On the way, Finn filled me in on a new class in Apple’s Speech framework called SpeechAnalyzer and its SpeechTranscriber module. Both the class and module are part of Apple’s OS betas that were released to developers last week at WWDC. My ears perked up immediately when he told me that he’d tested SpeechAnalyzer and SpeechTranscriber and was impressed with how fast and accurate they were.

It’s still early days for these technologies, but I’m here to tell you that their speed alone is a game changer for anyone who uses voice transcription to create text from lectures, podcasts, YouTube videos, and more. That’s something I do multiple times every week for AppStories, NPC, and Unwind, generating transcripts that I upload to YouTube because the site’s built-in transcription isn’t very good.

What’s frustrated me with other tools is how slow they are. Most are built on Whisper, OpenAI’s open source speech-to-text model, which was released in 2022. It’s cheap at under a penny per one million tokens, but isn’t fast, which is frustrating when you’re in the final steps of a YouTube workflow.

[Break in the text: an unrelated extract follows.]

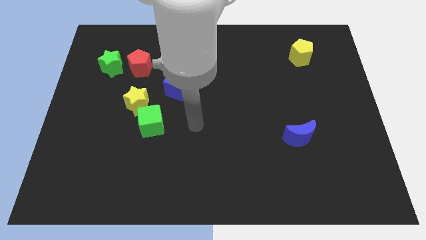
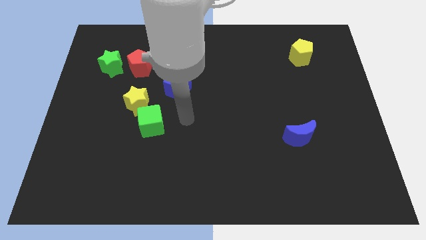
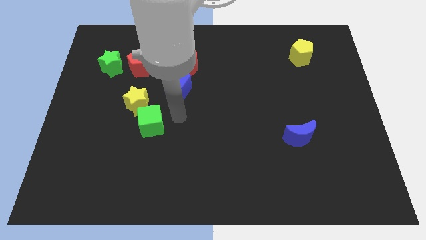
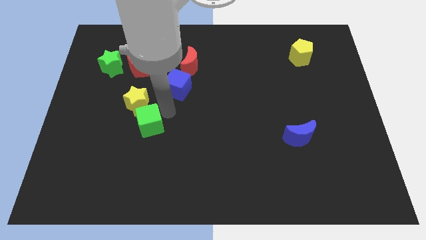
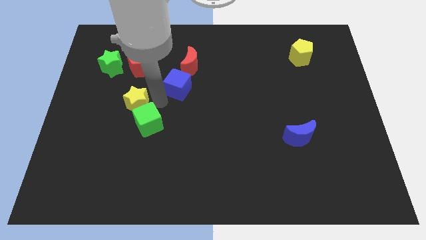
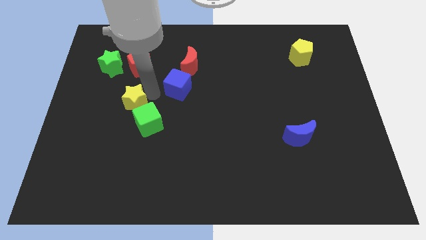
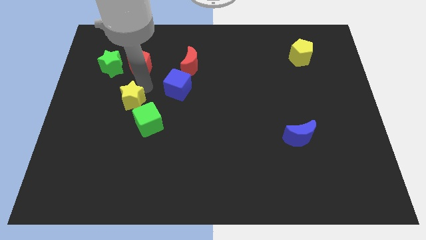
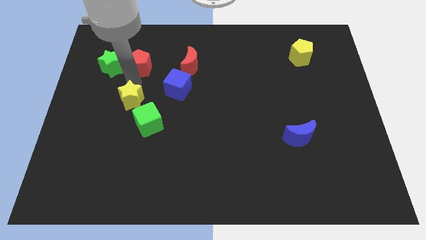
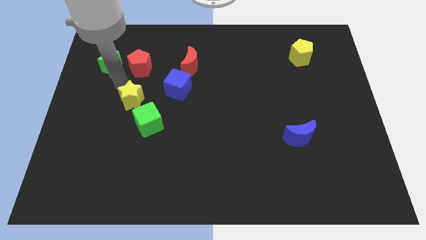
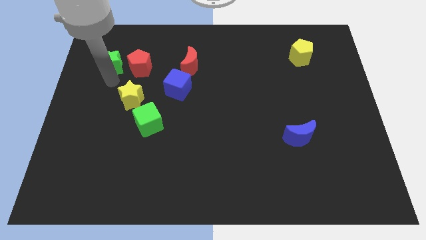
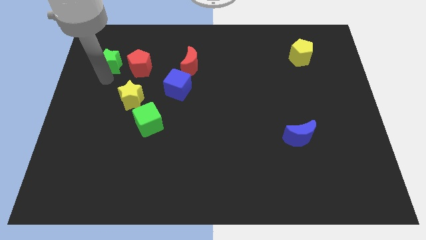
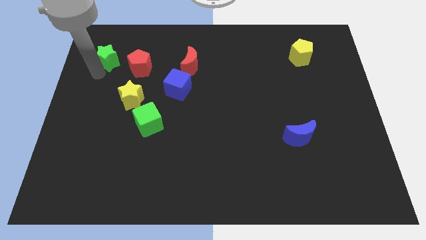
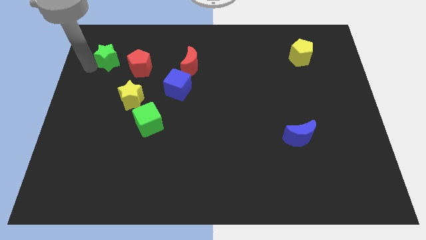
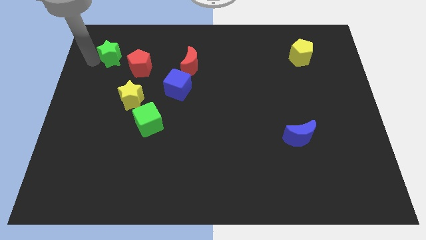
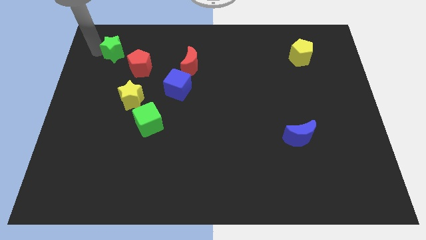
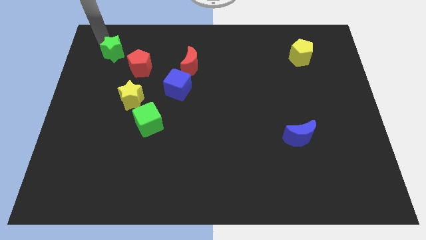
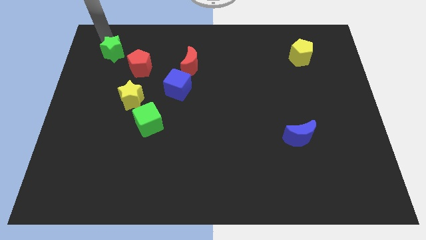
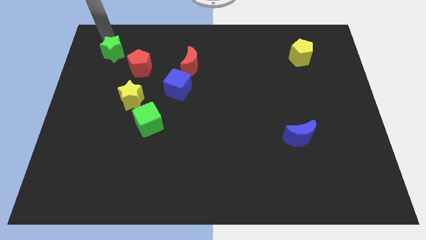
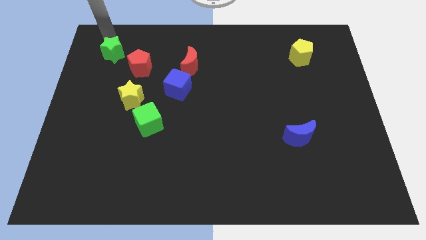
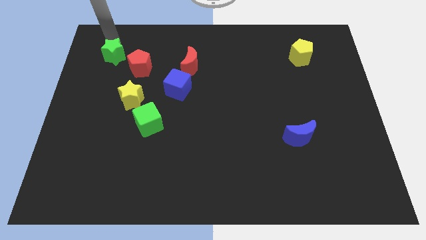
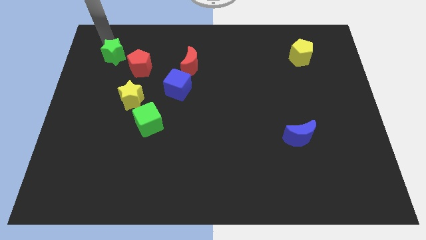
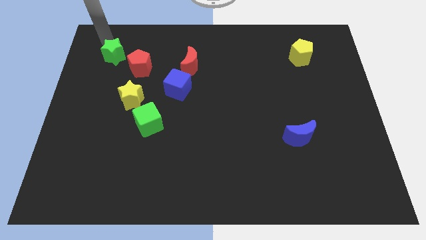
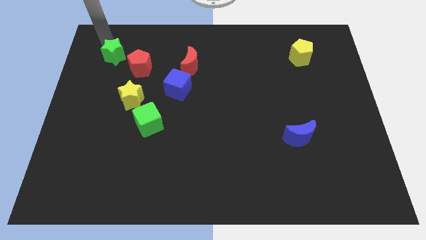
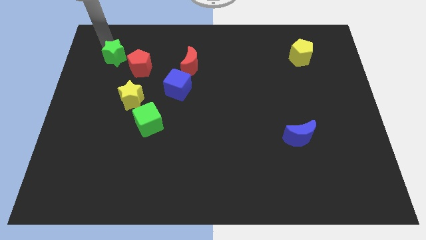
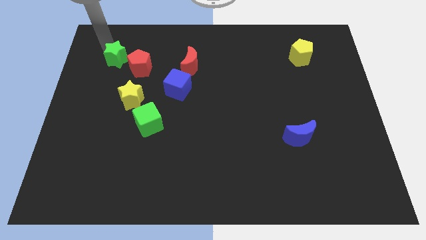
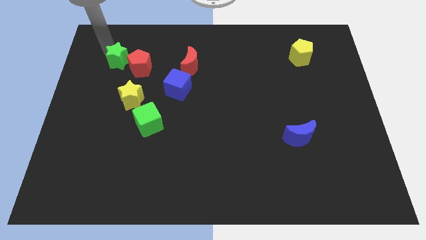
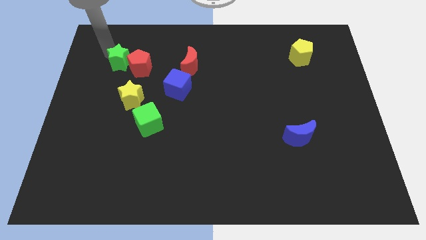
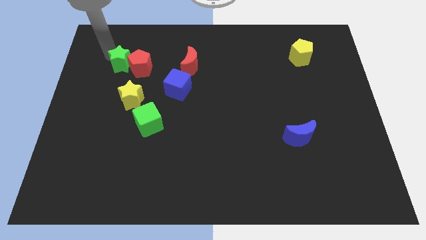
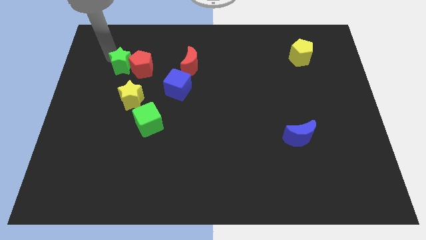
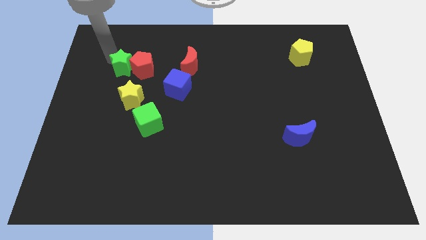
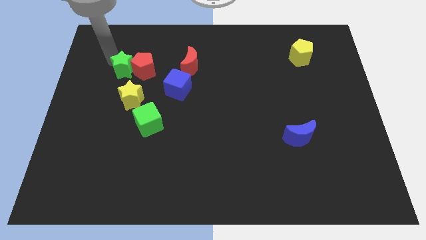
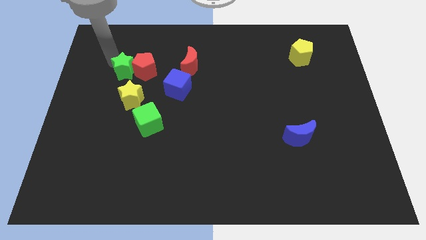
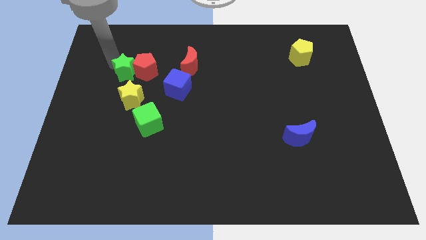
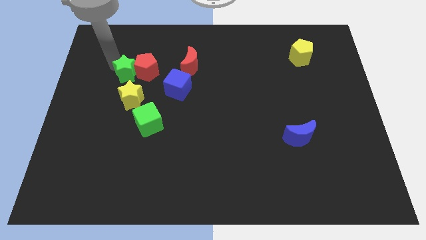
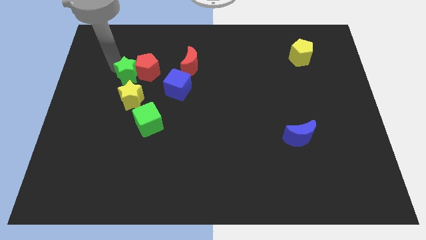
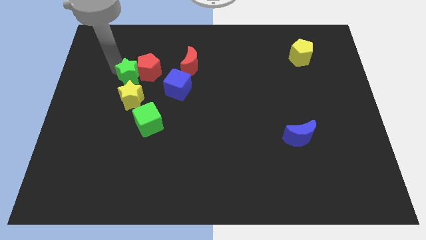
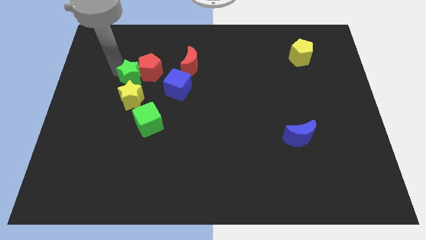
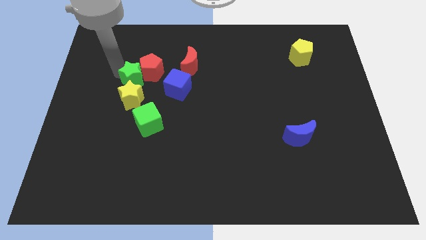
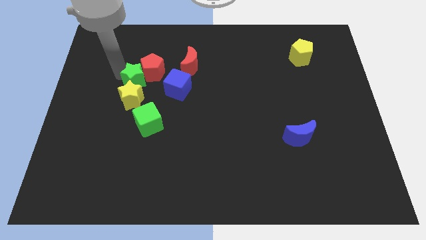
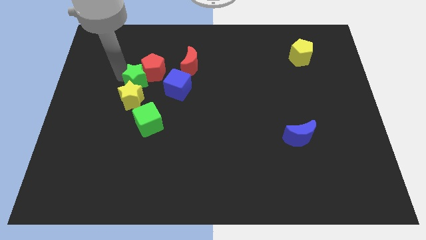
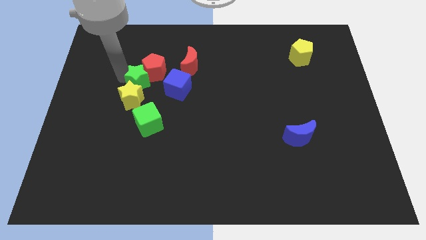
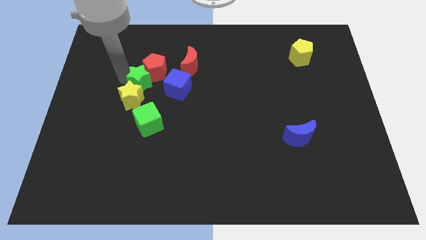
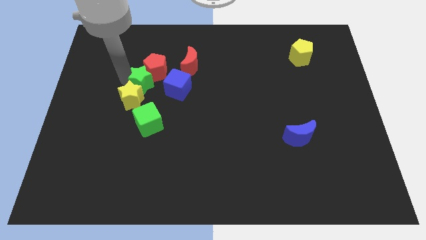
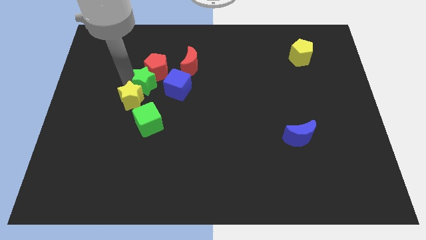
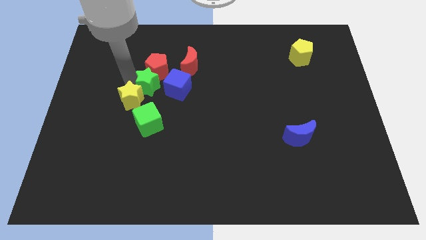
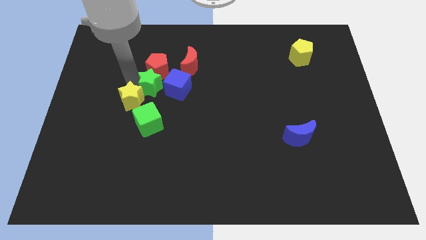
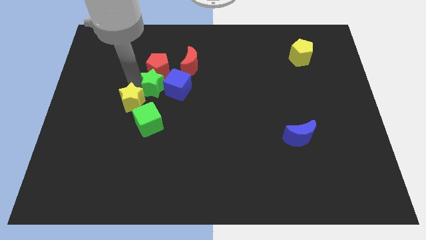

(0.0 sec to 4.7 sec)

An SRT file generated by Yap.

An SRT file generated by Yap.

I asked Finn what it would take to build a command line tool to transcribe video and audio files with SpeechAnalyzer and SpeechTranscriber. He figured it would only take about 10 minutes, and he wasn’t far off. In the end, it took me longer to get around to installing macOS Tahoe after WWDC than it took Finn to build Yap, a simple command line utility that takes audio and video files as input and outputs SRT- and TXT-formatted transcripts.

Yesterday, I finally took the Tahoe plunge and immediately installed Yap. I grabbed the 7GB 4K video version of AppStories episode 441, which is about 34 minutes long, and ran it through Yap. It took just 45 seconds to generate an SRT file. Here’s Yap ripping through nearly 20% of an episode of NPC in 10 seconds:

Replay

Next, I ran the same file through VidCap and MacWhisper, using its V2 Large and V3 Turbo models. Here’s how each app and model did:

App Transcripiton Time
Yap 0:45
MacWhisper (Large V3 Turbo) 1:41
VidCap 1:55
MacWhisper (Large V2) 3:55

All three transcription workflows had similar trouble with last names and words like “AppStories,” which LLMs tend to separate into two words instead of camel casing. That’s easily fixed by running a set of find and replace rules, although I’d love to feed those corrections back into the model itself for future transcriptions.

Once transcribed, a video can be used to generate additional formats like outlines.

Once transcribed, a video can be used to generate additional formats like outlines.

What stood out above all else was Yap’s speed. By harnessing SpeechAnalyzer and SpeechTranscriber on-device, the command line tool tore through the 7GB video file a full 2.2× faster than MacWhisper’s Large V3 Turbo model, with no noticeable difference in transcription quality.

At first blush, the difference between 0:45 and 1:41 may seem insignificant, and it arguably is, but those are the results for just one 34-minute video. Extrapolate that to running Yap against the hours of Apple Developer videos released on YouTube with the help of yt-dlp, and suddenly, you’re talking about a significant amount of time. Like all automation, picking up a 2.2× speed gain one video or audio clip at a time, multiple times each week, adds up quickly.

Whether you’re producing video for YouTube and need subtitles, generating transcripts to summarize lectures at school, or doing something else, SpeechAnalyzer and SpeechTranscriber – available across the iPhone, iPad, Mac, and Vision Pro – mark a significant leap forward in transcription speed without compromising on quality. I fully expect this combination to replace Whisper as the default transcription model for transcription apps on Apple platforms.

To test Apple’s new model, install the macOS Tahoe beta, which currently requires an Apple developer account, and then install Yap from its GitHub page.